Biden on Tuesday spoke to Russian President Vladimir Putin to raise concerns about these issues and the build up of Russian forces in Crimea and along the border with Ukraine, even as he proposed a summit between the two men.
Biden appears to be trying to strike a balance between defending U.S. national interests against Russia while making clear he would prefer to have a less volatile relationship and to cooperate on issues such as curbing Iran’s nuclear program.
“The American people should not be complicit in the Russian government’s malign activities by directly funding the Russian state at a time when the Russian government is attempting to undermine our sovereignty and threaten our allies and partners,” said one official, echoing the administration’s desire for a “stable and predictable relationship” with Russia.
“We don’t think that we need to continue on a negative trajectory in the relationship,” he said. “However … we will defend our national interests and impose costs for Russian government actions that seem to harm our sovereignty.”
“Our goal here is number one to demonstrate resolve by taking an impactful step,” he added. “The second goal is to … be very clear in our signaling that we have the option to escalate in a far more forceful way if we so choose, and that really will be determined by Russia’s actions.”
This official said the executive order authorized the U.S. government “to target any sector of the Russian economy,” adding “we will not hesitate to expand the Russian sovereign debt sanction if Russia escalates further.”
The executive order on “Blocking Property with Respect to Specified, Harmful Foreign Activities of the Government of the Russian Federation,” was signed by Biden on Wednesday and will be made public on Thursday morning, U.S. officials said.
The sovereign debt action, which will specifically cite the Russian central bank, national wealth fund, and finance ministry, extends a step the United States took in 2019, when it barred U.S. financial institutions from buying non-rouble-denominated debt directly from Russia in the primary market.
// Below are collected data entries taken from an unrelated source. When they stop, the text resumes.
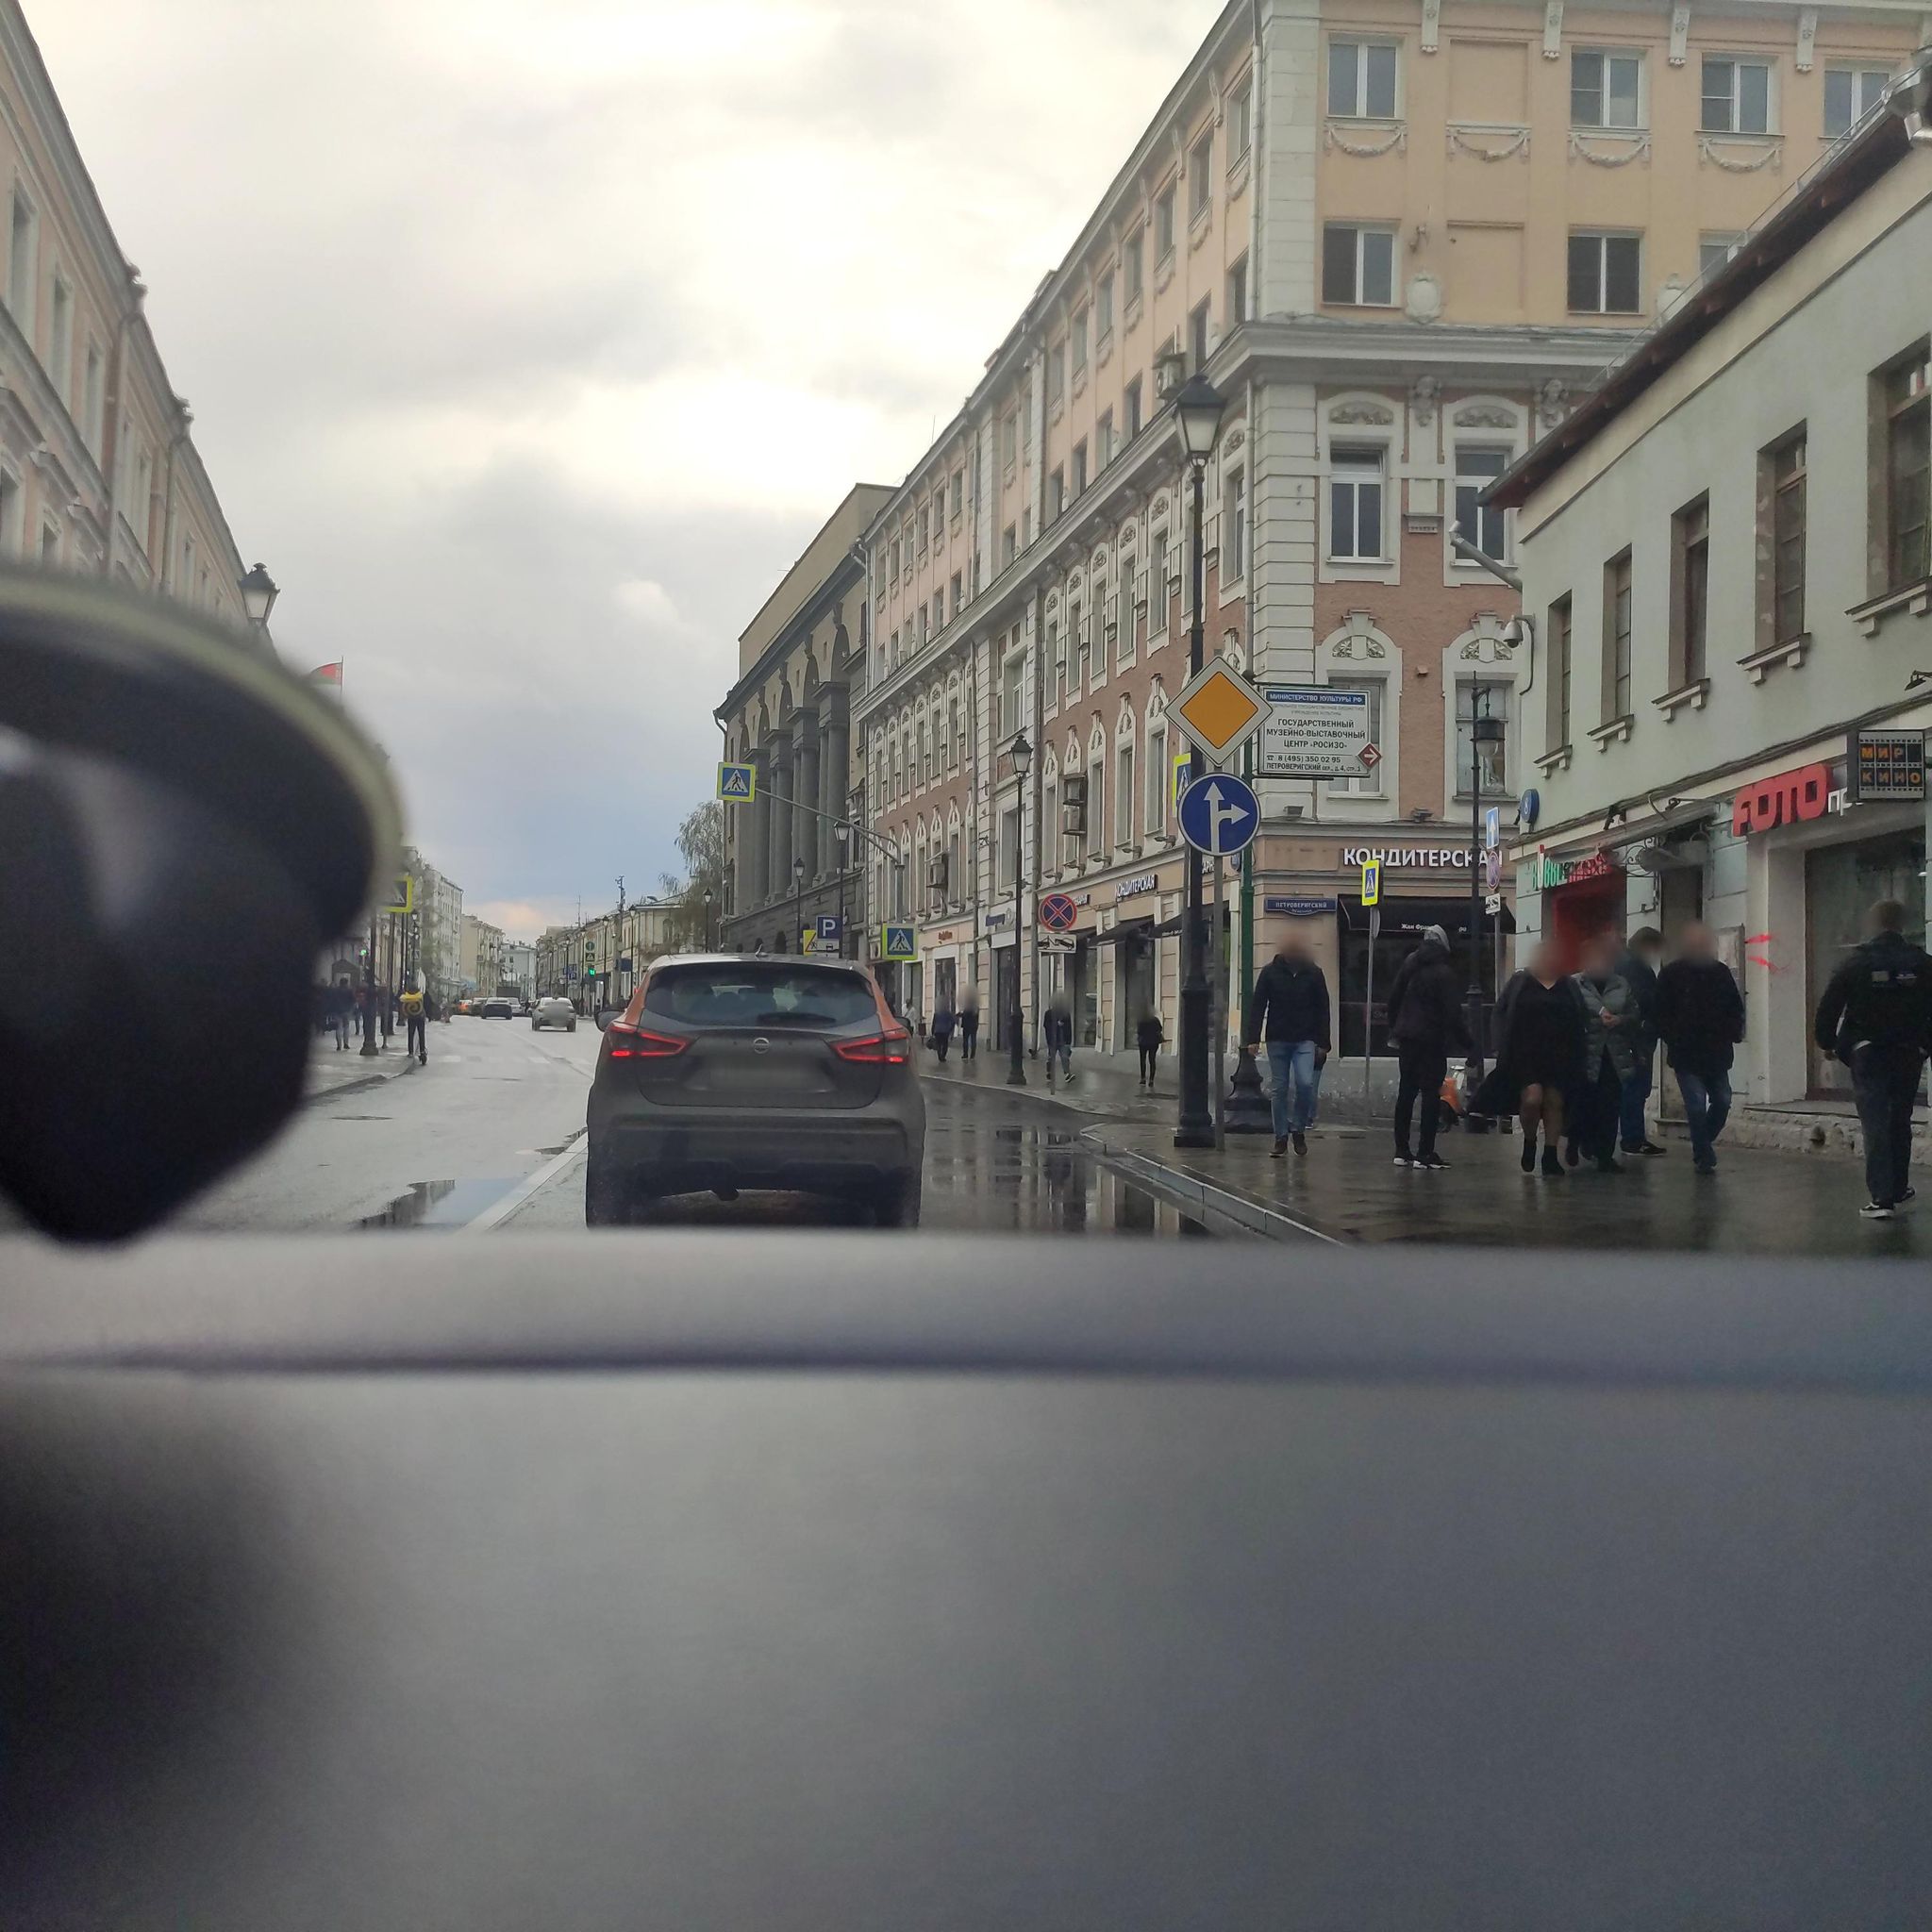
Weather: snowy
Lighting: day
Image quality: good
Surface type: driving surface
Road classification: secondary
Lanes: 2
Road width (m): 3.6
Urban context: urban centre
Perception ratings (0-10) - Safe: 2.7, Lively: 5.4, Beautiful: 6.85, Boring: 6.48, Depressing: 4.91, Wealthy: 4.99

Neither move, however, affects Russian sovereign debt traded in the secondary market, meaning that U.S. persons can continue to buy and sell such bonds there.
The first U.S. official said the Russian rouble-denominated sovereign debt market was valued at about $185 billion, about a quarter of which is held by foreign investors. U.S. investors make up about half of the foreign holdings, he said.
“Judging from history, removing U.S. investors as buyers in this market will likely cause a chilling effect that raises Russia’s borrowing cost, along with capital fight and a weaker currency – all of which leads to slower growth and higher inflation,” said this official.
Dan Fried, a retired U.S. diplomat now at the Atlantic Council think tank, described the step outlined by the U.S. officials as “significant” and markedly stronger than former U.S. President Donald Trump’s actions.
“We are signalling that we are prepared to do even more and there are steps that would be quite a bit stronger,” he said, citing the possibility of “restrictions on trading in the secondary market, which would be a huge deal.”